**RECORDS**
=== Section Start ===
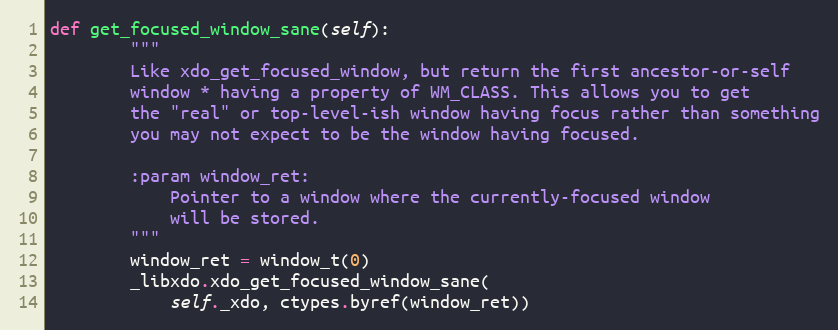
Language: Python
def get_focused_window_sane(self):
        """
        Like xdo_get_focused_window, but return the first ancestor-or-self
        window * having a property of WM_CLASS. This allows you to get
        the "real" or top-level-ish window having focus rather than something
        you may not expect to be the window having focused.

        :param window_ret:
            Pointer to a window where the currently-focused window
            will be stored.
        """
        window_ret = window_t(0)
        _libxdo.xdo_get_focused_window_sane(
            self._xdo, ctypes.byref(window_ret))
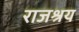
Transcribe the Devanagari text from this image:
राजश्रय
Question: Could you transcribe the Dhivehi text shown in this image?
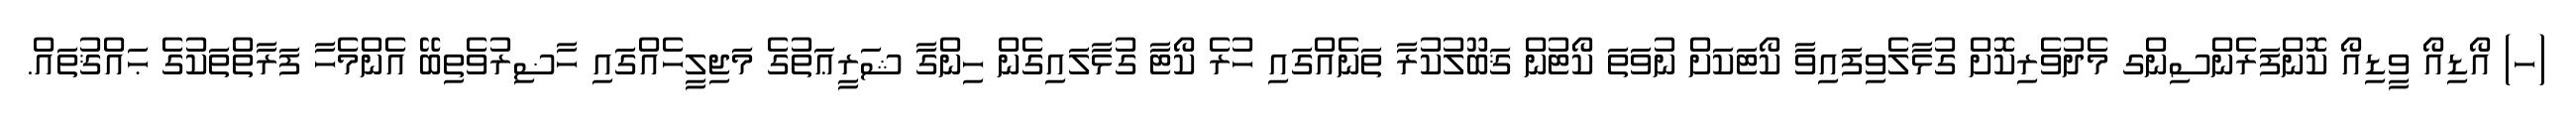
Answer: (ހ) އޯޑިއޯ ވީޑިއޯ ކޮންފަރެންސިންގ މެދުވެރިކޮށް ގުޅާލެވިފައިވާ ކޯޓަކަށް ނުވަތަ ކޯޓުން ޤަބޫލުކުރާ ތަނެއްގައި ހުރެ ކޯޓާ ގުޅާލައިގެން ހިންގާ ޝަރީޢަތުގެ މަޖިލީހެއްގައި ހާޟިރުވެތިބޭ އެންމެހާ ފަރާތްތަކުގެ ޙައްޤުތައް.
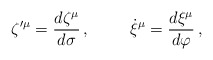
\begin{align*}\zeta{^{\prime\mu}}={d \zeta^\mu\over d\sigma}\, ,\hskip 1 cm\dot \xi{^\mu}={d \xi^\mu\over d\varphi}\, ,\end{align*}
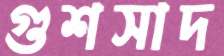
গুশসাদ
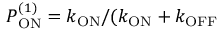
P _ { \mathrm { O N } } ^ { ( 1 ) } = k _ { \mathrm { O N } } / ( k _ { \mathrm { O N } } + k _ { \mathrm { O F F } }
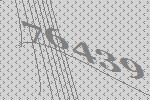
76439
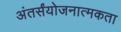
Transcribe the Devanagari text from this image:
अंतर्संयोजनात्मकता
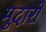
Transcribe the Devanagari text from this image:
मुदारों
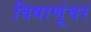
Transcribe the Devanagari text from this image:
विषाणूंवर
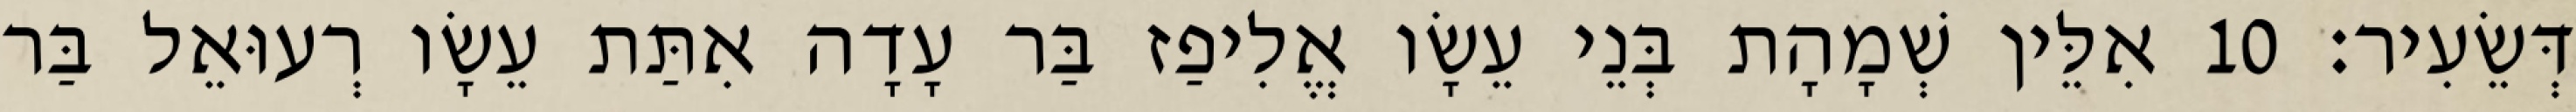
=== Section End ===
**EXERCISE GOAL**
Beginning with the line that holds "Answer: (ހ) އޯޑިއޯ" and continuing to the end of the entries above, set down each line exactly, both ends included; include no pictures.

**REPLY TO THE EXERCISE**
Answer: (ހ) އޯޑިއޯ ވީޑިއޯ ކޮންފަރެންސިންގ މެދުވެރިކޮށް ގުޅާލެވިފައިވާ ކޯޓަކަށް ނުވަތަ ކޯޓުން ޤަބޫލުކުރާ ތަނެއްގައި ހުރެ ކޯޓާ ގުޅާލައިގެން ހިންގާ ޝަރީޢަތުގެ މަޖިލީހެއްގައި ހާޟިރުވެތިބޭ އެންމެހާ ފަރާތްތަކުގެ ޙައްޤުތައް.
\begin{align*}\zeta{^{\prime\mu}}={d \zeta^\mu\over d\sigma}\, ,\hskip 1 cm\dot \xi{^\mu}={d \xi^\mu\over d\varphi}\, ,\end{align*}
গুশসাদ
P _ { \mathrm { O N } } ^ { ( 1 ) } = k _ { \mathrm { O N } } / ( k _ { \mathrm { O N } } + k _ { \mathrm { O F F } }
76439
Transcribe the Devanagari text from this image:
अंतर्संयोजनात्मकता
Transcribe the Devanagari text from this image:
मुदारों
Transcribe the Devanagari text from this image:
विषाणूंवर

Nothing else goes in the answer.